Falwell Jr. has now claimed multiple times that, contrary to the university’s policies and behavior, Liberty respects student free expression. While Liberty can set its own policies moderating student speech, its president should not mislead prospective and current students by making public statements that will give them the wrong impression about the university.

That’s why FIRE wrote to Liberty’s leadership in August 2018 in response to reports that the university had engaged in years of censorship of student newspaper the Liberty Champion, despite Falwell Jr.’s promise that “Liberty University promotes the free expression of ideas.”

Starting back in October 2016, Falwell Jr. reportedly began reviewing Champion articles that mentioned Trump and warned the paper not to run sports editor Joel Schmieg’s column criticizing comments Trump made about “grab[bing] [women] by the pussy” during a leaked recording from a 2005 filming of “Access Hollywood.”

In 2018, Champion journalists alleged more stories were cut or censored, including a skeptical interview with the director and producer of the film “Commander,” which “tell[s] the story of Mark Taylor, who spoke of his vision that Donald Trump would become president”; a discussion of the university’s treatment of unmarried pregnant students living on campus; and coverage of “Red Letter” leader Shane Claiborne, who planned to pray on Liberty’s campus and hold a “Revival” in Lynchburg, Virginia and was threatened with fines and jail time by campus police.

Dean of the School of Communication and Digital Content Bruce Kirk reportedly told new Champion staffers last spring:

Your job is to keep the LU reputation and the image as it is. … Don’t destroy the image of LU. Pretty simple. OK? Well you might say, “Well, that’s not my job, my job is to do journalism. My job is to be First Amendment. My job is to go out and dig and investigate, and I should do anything I want to do because I’m a journalist.” So let’s get that notion out of your head. OK?

FIRE’s letter called on Liberty to live up to Falwell Jr.’s promises of free expression and end its campaign of censorship against student journalists.
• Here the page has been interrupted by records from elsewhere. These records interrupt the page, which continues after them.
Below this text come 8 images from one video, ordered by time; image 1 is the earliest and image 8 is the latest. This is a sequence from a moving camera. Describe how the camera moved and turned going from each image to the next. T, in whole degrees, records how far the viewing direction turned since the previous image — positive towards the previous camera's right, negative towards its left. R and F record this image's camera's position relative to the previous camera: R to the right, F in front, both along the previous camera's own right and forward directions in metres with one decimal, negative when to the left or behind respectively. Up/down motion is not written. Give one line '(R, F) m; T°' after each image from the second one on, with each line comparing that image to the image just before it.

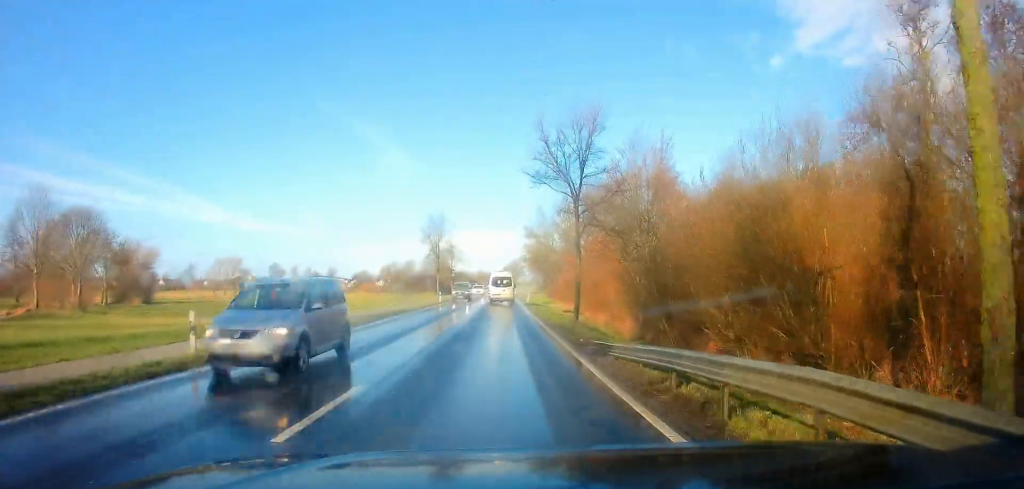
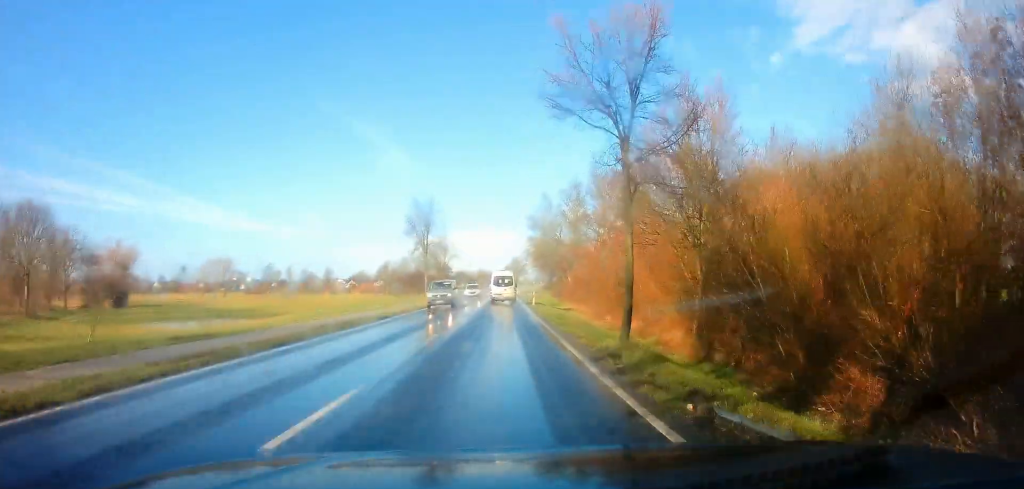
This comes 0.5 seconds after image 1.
(-0.2, +9.3) m; -1°
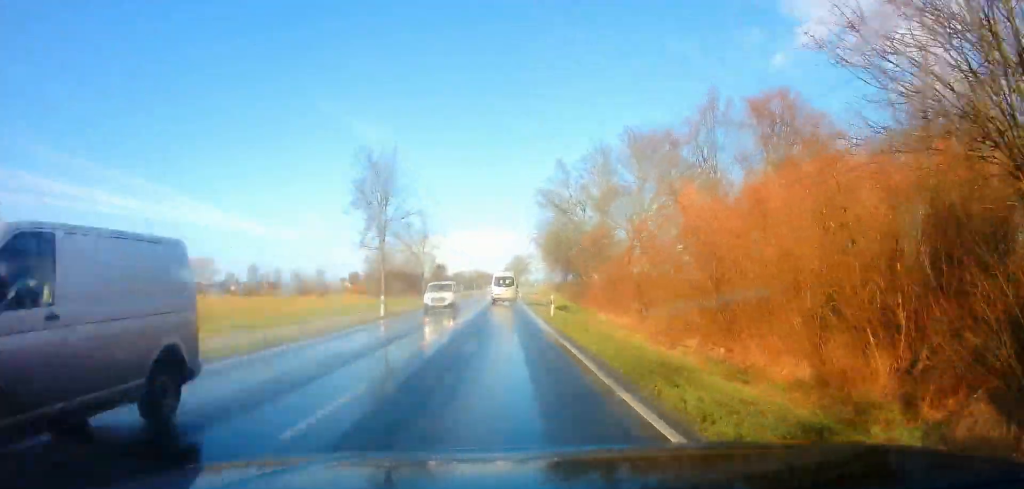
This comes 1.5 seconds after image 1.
(0.0, +17.8) m; 0°
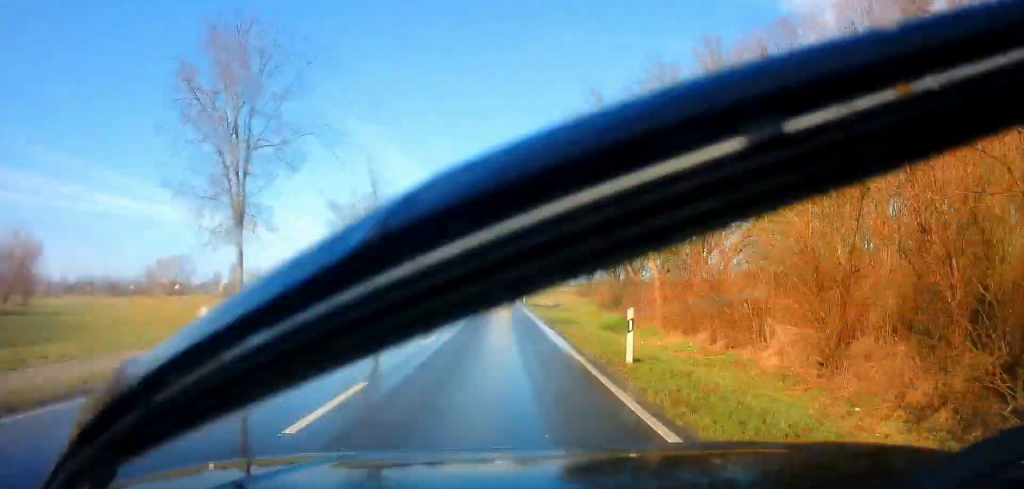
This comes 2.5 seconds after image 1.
(-0.1, +17.8) m; 0°
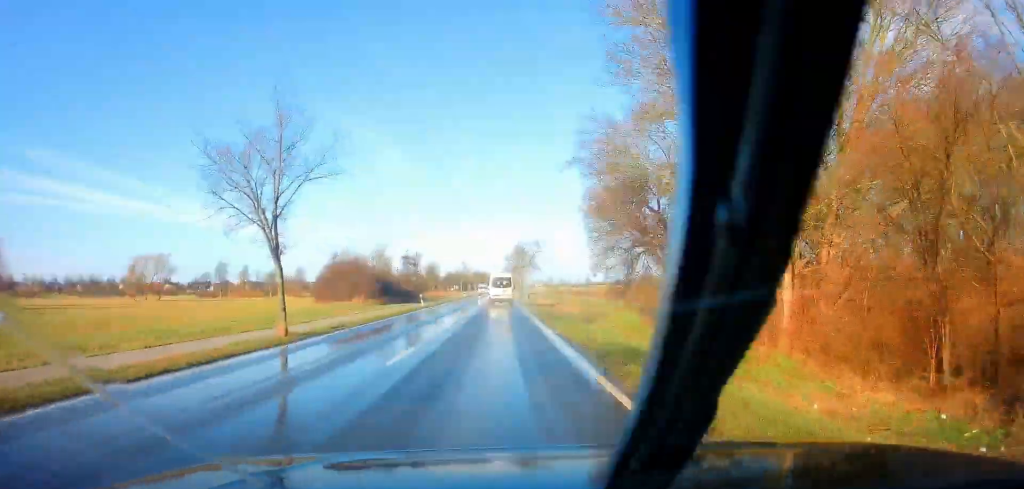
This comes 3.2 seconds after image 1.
(0.0, +13.1) m; 0°
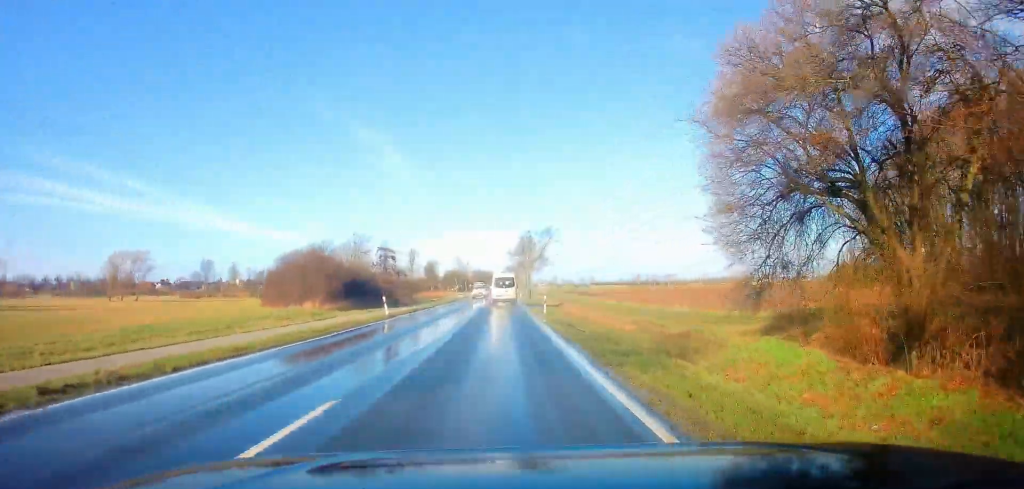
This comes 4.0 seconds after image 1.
(+0.1, +15.3) m; 0°
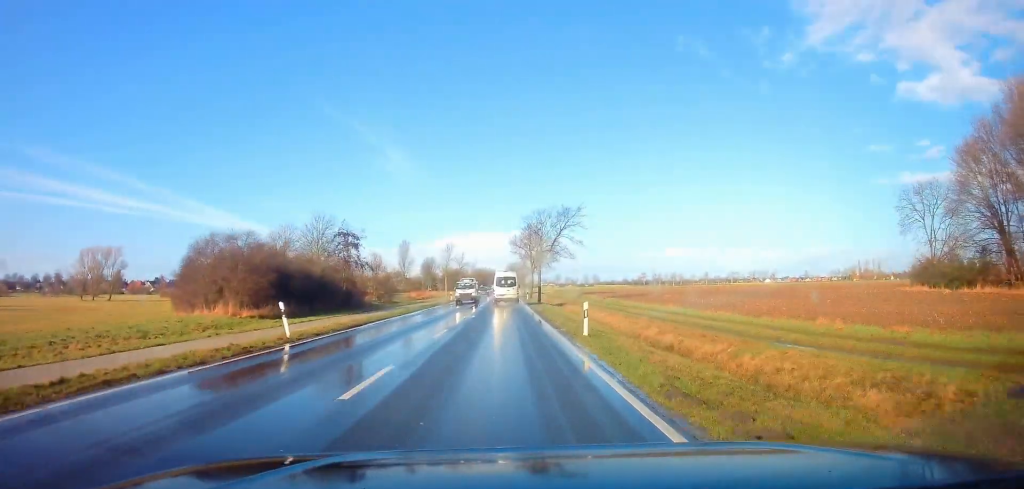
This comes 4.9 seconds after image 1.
(0.0, +15.0) m; 0°
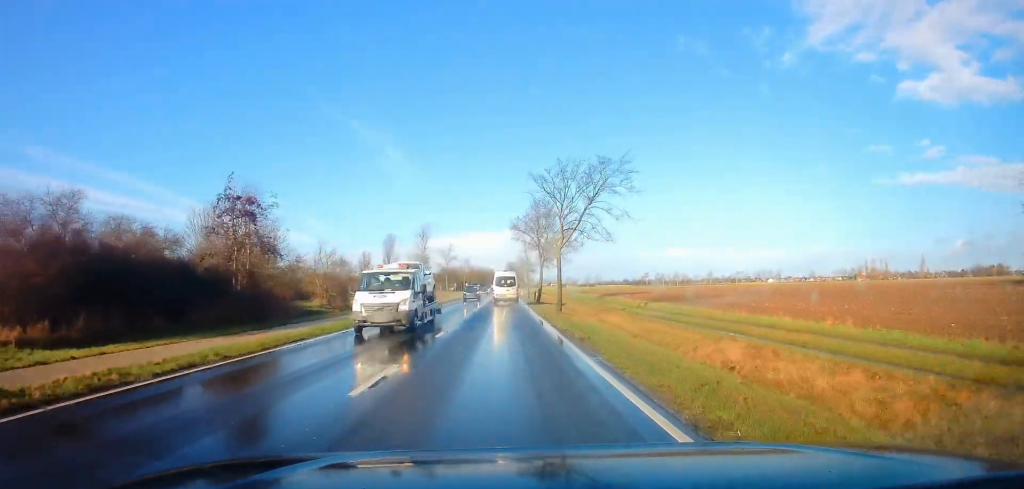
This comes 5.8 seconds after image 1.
(0.0, +17.7) m; -1°

Unfortunately, the university failed to respond to FIRE’s concerns and made no apparent effort to square Falwell Jr.’s public statements with the university’s policies or to relinquish censorship power over the Liberty Champion, earning Liberty a spot on FIRE’s 2019 list of the 10 worst colleges for free speech.

Falwell Jr.’s recent op-ed praising his university’s efforts to “actively encourage open political discourse” conveniently overlooks how Liberty has actively harmed open discourse on its campus through its years-long censorship of its student press. Instead, Falwell Jr. focuses on his administration’s decision to host “high-profile speakers with different points of view.”
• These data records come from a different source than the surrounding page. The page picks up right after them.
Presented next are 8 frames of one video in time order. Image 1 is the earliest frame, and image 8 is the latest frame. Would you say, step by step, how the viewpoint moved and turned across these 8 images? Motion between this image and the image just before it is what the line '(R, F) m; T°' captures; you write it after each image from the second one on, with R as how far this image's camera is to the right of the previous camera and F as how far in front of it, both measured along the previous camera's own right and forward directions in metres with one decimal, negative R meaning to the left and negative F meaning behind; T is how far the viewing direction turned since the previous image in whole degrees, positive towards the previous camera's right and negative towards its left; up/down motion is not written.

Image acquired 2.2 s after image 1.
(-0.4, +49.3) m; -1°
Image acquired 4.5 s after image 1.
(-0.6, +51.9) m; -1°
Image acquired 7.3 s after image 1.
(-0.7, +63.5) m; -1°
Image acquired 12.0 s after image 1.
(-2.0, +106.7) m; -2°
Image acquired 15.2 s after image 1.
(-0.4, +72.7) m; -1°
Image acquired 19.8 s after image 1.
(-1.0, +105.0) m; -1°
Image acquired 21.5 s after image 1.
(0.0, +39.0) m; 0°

While Liberty’s endeavor to introduce students to a broad range of speakers is admirable, a university does not become a welcoming place for “[f]ree speech and intellectual diversity” simply by administrators’ invitations to a bipartisan array of speakers. Freedom of expression on campus exists when students, not just handpicked speakers, are allowed to express their opinions — regardless of how unpopular it may be with their peers or their university’s president. Freedom of expression is meaningless if only understood as the freedom to listen but not to speak.

FIRE would be pleased to work with Liberty to reform its policies and procedures to ensure that students can actually enjoy the free and open environment that the university’s president advertises to them. Until then, Liberty remains on FIRE’s 2019 “10 worst” list and Falwell Jr.’s promises remain empty.